"I cry because I'm sad. And when you're sad, you cry..." These were the first spontaneous and moving words in a 17-year-old boy's speech to Bobo, his grandfather, at his funeral a few months ago. The words touched me and stayed with me, as did the feeling of connection and respect they generated in me.
Over the past few weeks I’ve wondered why these words resonated with me so deeply. And the answer is ultimately simple. It was not the words that were strong; rather, it was the authentic sharing of an intimate experience. A moment of balance between listening to oneself and sharing with others, as if there were no longer any separation.
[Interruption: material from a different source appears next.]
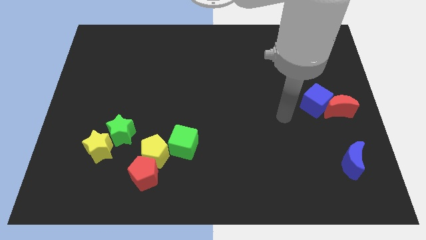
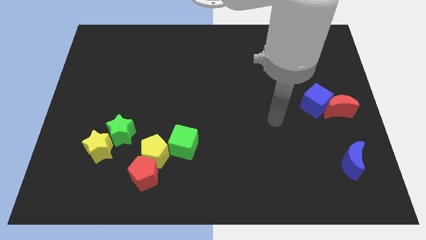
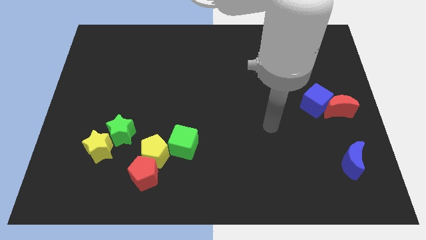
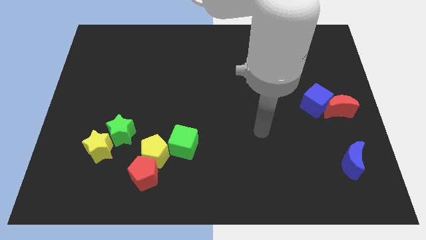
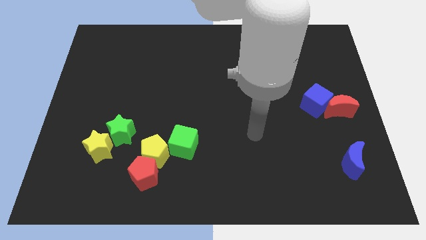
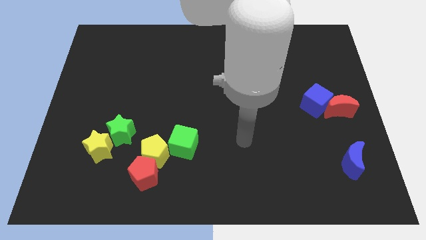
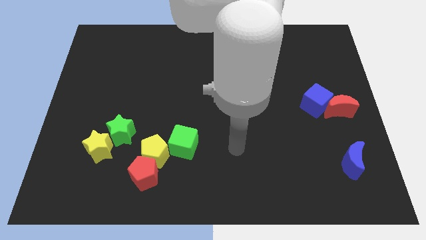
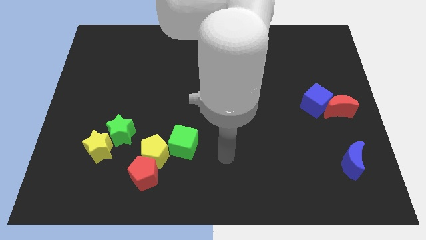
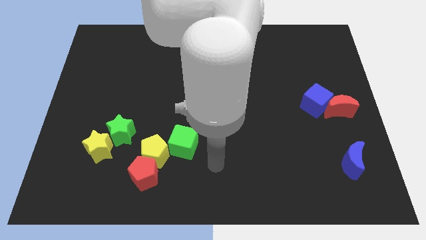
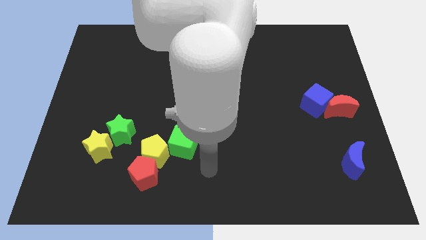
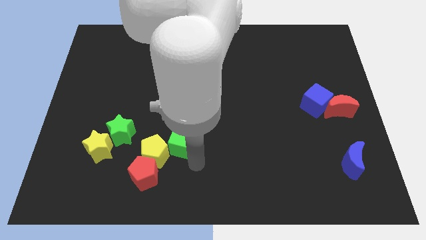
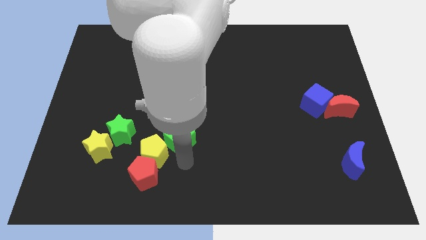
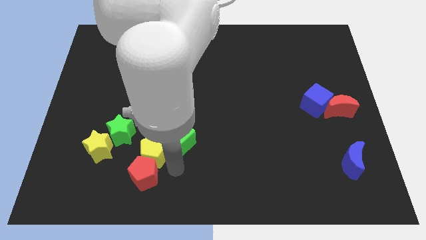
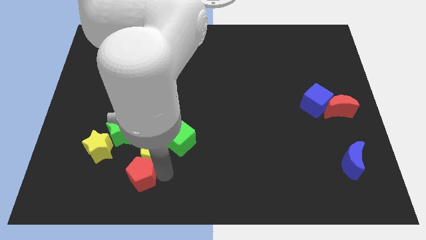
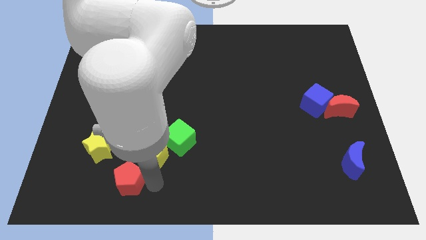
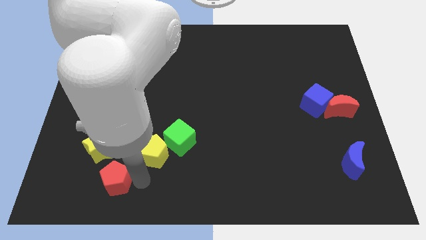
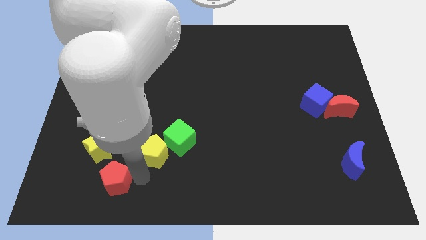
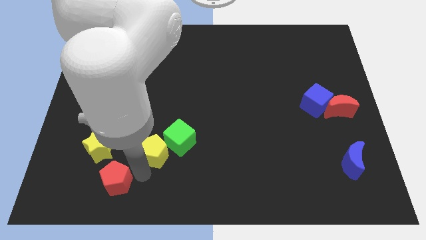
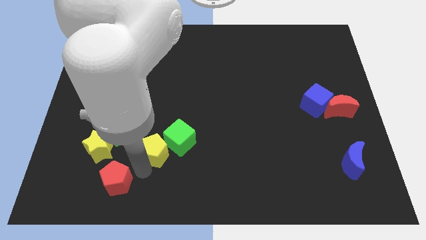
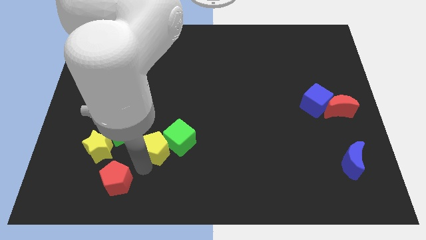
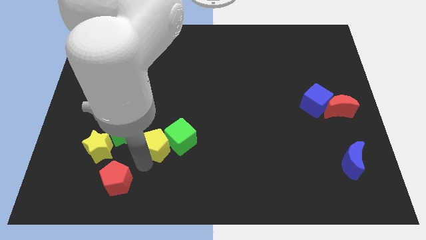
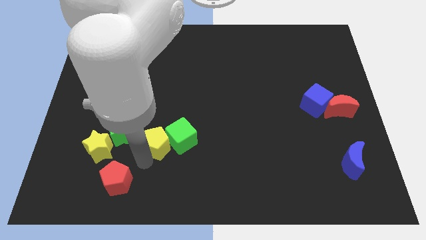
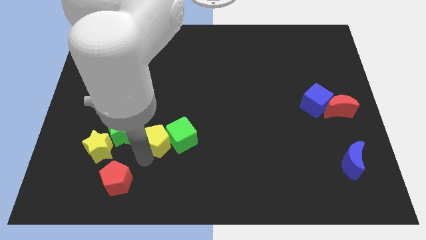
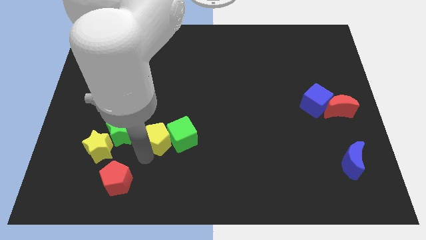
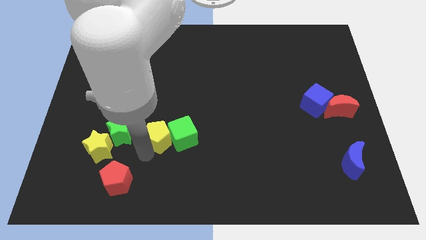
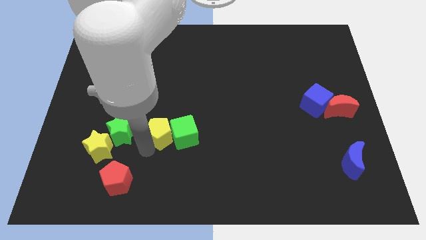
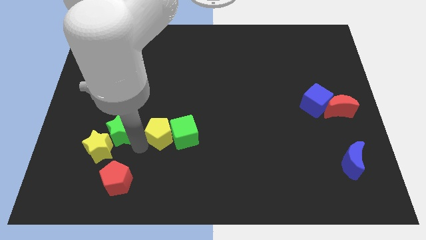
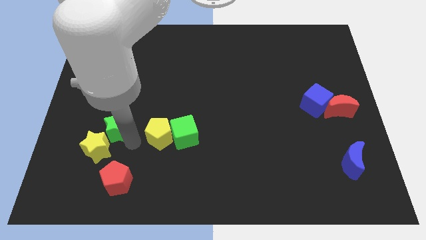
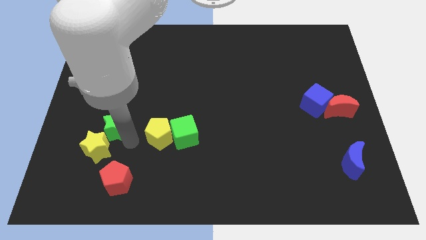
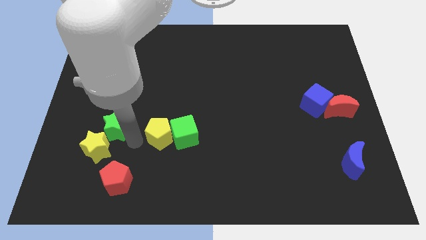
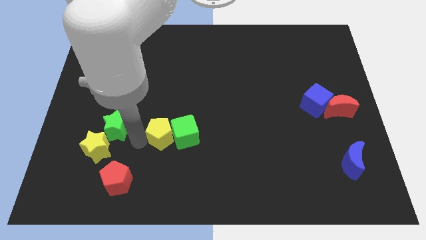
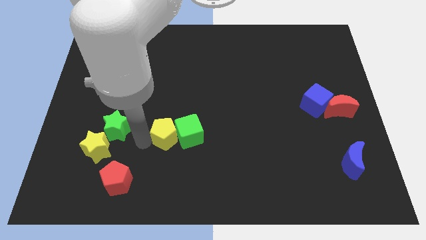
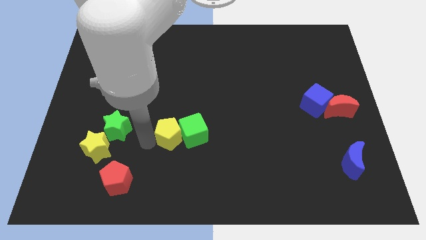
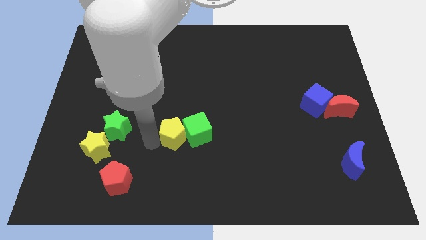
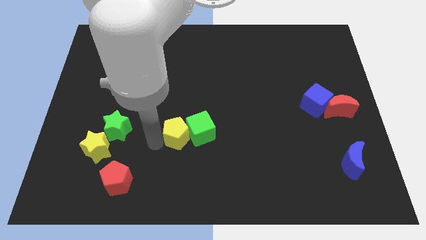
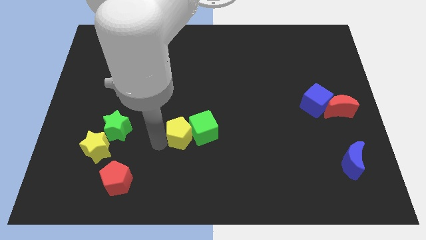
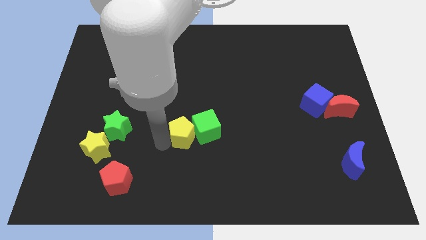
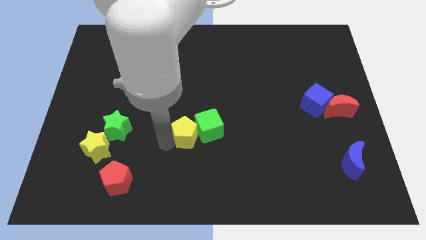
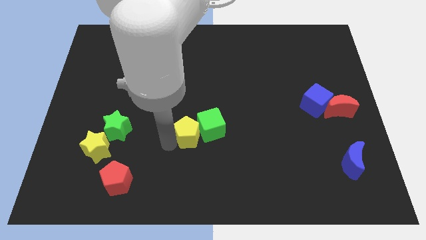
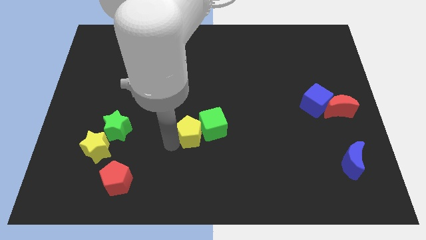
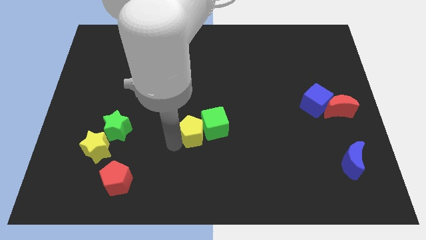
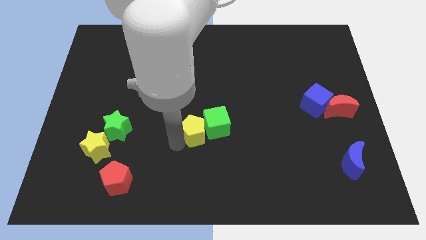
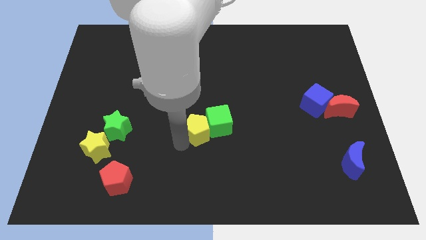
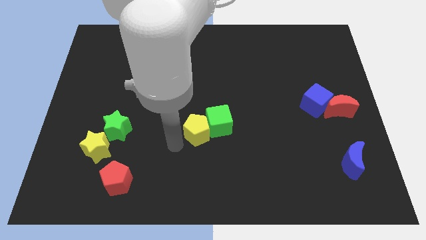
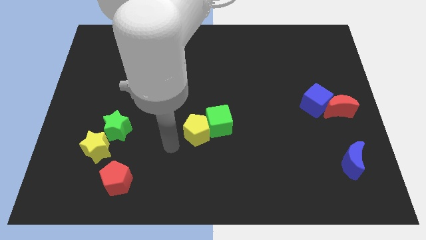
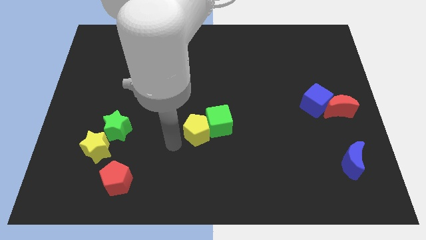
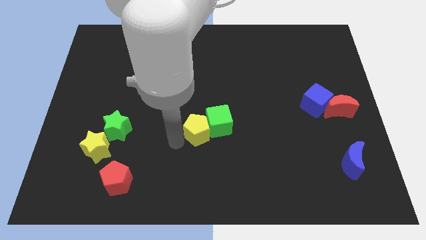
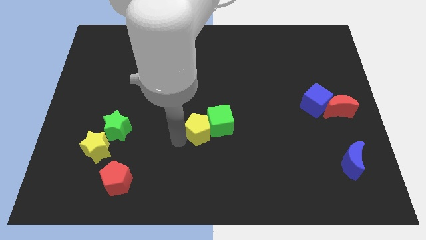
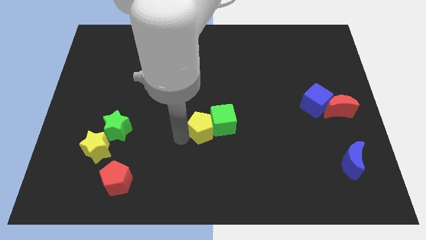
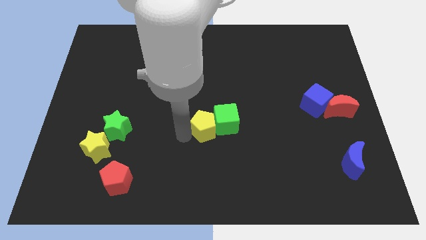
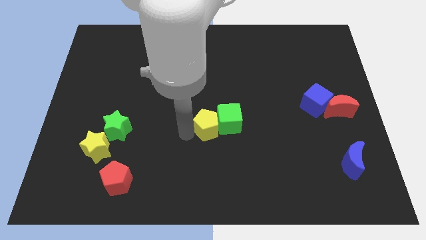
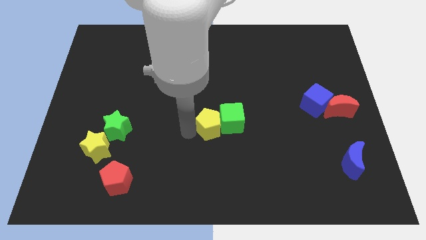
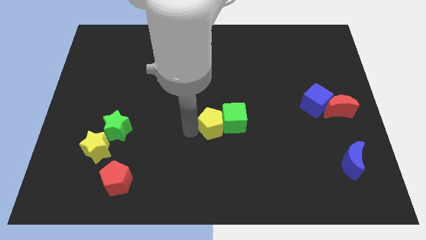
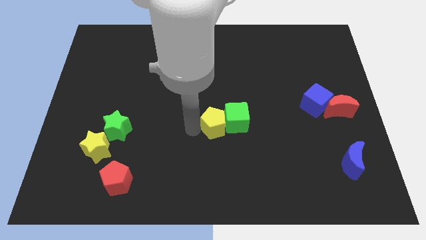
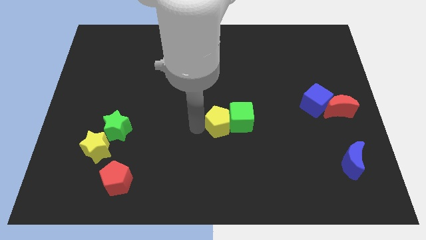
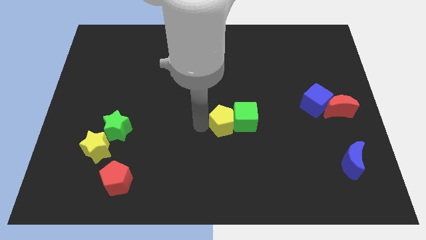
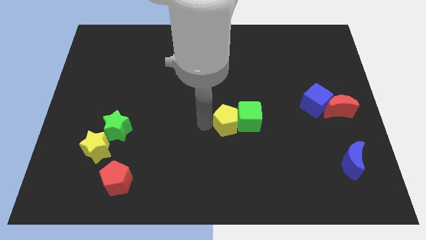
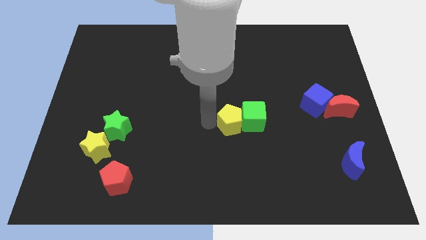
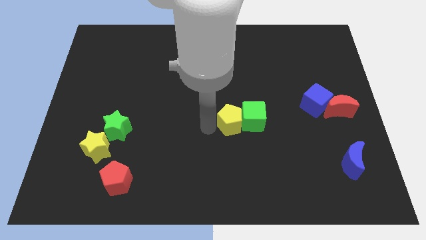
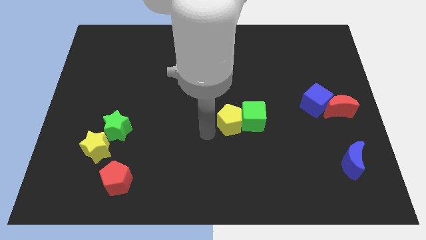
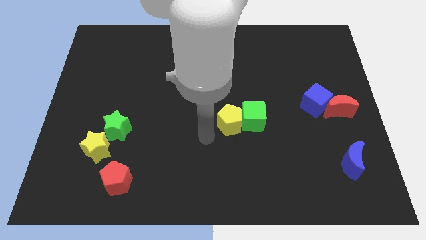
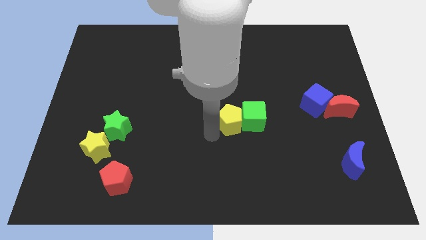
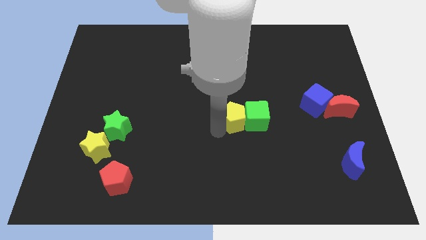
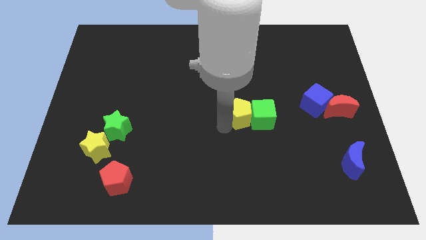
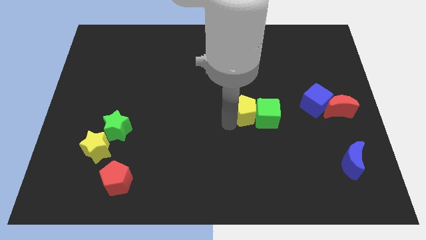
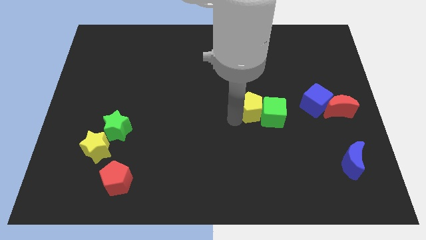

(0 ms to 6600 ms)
put the yellow pentagon to the left of the blue cube

I often meet business leaders whose intention is to improve team commitment and facilitate transformation. They ask themselves with sincerity what message to convey or what process to improve. Often, however, the question to ask is simpler and unfortunately less comfortable: Do I want to engage in a sincere and vulnerable relationship with my professional entourage? If so, how can authenticity be relearned, and vulnerability tolerated?
For a conceptual and scientific approach to vulnerability, I strongly recommend Brené Brown's video The power of vulnerability or Emma Seppalla's article in the Harvard Business Review What bosses gain in being vulnerable. But finally, what is the point of knowing that vulnerability helps to engage teams if, under pressure, our physical automatisms systematically lead us to more secure interactions?
With concrete self-observation practices focused on their experience “in the moment”, many leaders realize that they hold their breath or clench their jaws before they start an executive committee. Unconscious and disturbed by physical discomfort, they forget their intention to be authentic and connected, and return to their automatisms. They disconnect from their teams and regain control, which has a direct impact on the relationship of trust and, indirectly, on the performance of their organization.
It is often the physical experience of vulnerability that makes it unbearable, whether it is holding one’s breath, tension in the jaw, or a knot in the stomach. And it is by learning first to tolerate this physical experience that a sincere connection becomes possible. Then, like a top-level athlete, it will be necessary to engage in personal practices that will make authentic behaviours more easily accessible at a time when the need to connect will only be equalled by the feeling of vulnerability.
Such practices, often identified through coaching, will vary from person to person and will be aiming at aligning mind and body towards authentic behaviours even under pressure.
This so-called somatic approach to executive leadership development is still new in Europe and already well-developed in some other parts of the world. It suggests that, to improve a leader's individual performance, they must first increase awareness of their physical sensations, emotions and thoughts, and then engage in pragmatic practices that will anchor a new and more powerful behaviour.
“This approach is now considered by many scientists as the most direct way for leaders to access the level of exemplarity required by today's economic, environmental, and societal challenges.
And in everyday life, such authenticity can have major ramifications as well. After all, it enabled the teen at the funeral to pay tribute to his grandfather in the most powerful way, and his message has stayed with me ever since.